[Update 1] Louvain-Performance: Weights of Nonexistent Edges
Earlier, I wrote a post on how performance on weighted graphs uses a meaningful maximum M to account for the weights of nonexistent edges. At that time, my challenges were (1) figuring out how to calculate M, and (2) changing my code to account for M.
(1) After more review of the literature and Chertov 2012’s implementation of performance on weighted graphs, I conclude that M actually differs depending on the data set. That is, it is a semantically meaningful maximum for that dataset, chosen by the researchers.
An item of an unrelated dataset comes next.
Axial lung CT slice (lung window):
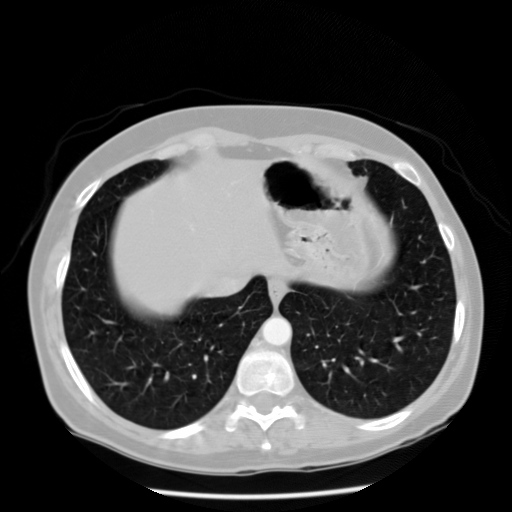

For example, in a data set where edge weights represent the probability of choosing that edge, the meaningful maximum would be 1. And indeed, all edge weights would fall between 0 and 1, and are upper-bounded by 1.
The probability example is a tidy one. Unfortunately, choosing M in graphs where the range is large and there are high outliers presents a larger problem, as this will skew performance (causing it to be lower). I was unable to find any examples of how others dealt with such data sets, partly because of the rarity of using performance as a metric. At this point, my suggestion is to consider removing the outlier edges or (manually or algorithmically) altering their weights in such data sets.
In summary, because the meaningful maximum is so dependent on the input data’s intricacies, we will not have the algorithm calculate M. Instead, we take M as a parameter on the command line.
(2) I have altered my code to take M as a parameter and to use this in the first pass of the algorithm. We now face another question: how do we update M in subsequent passes of the Louvain algorithm? Every pass of Louvain creates a new, condensed graph, with differing edge weights (due to new self-loops and edges that represent the sum of inter-community edges from the earlier graph).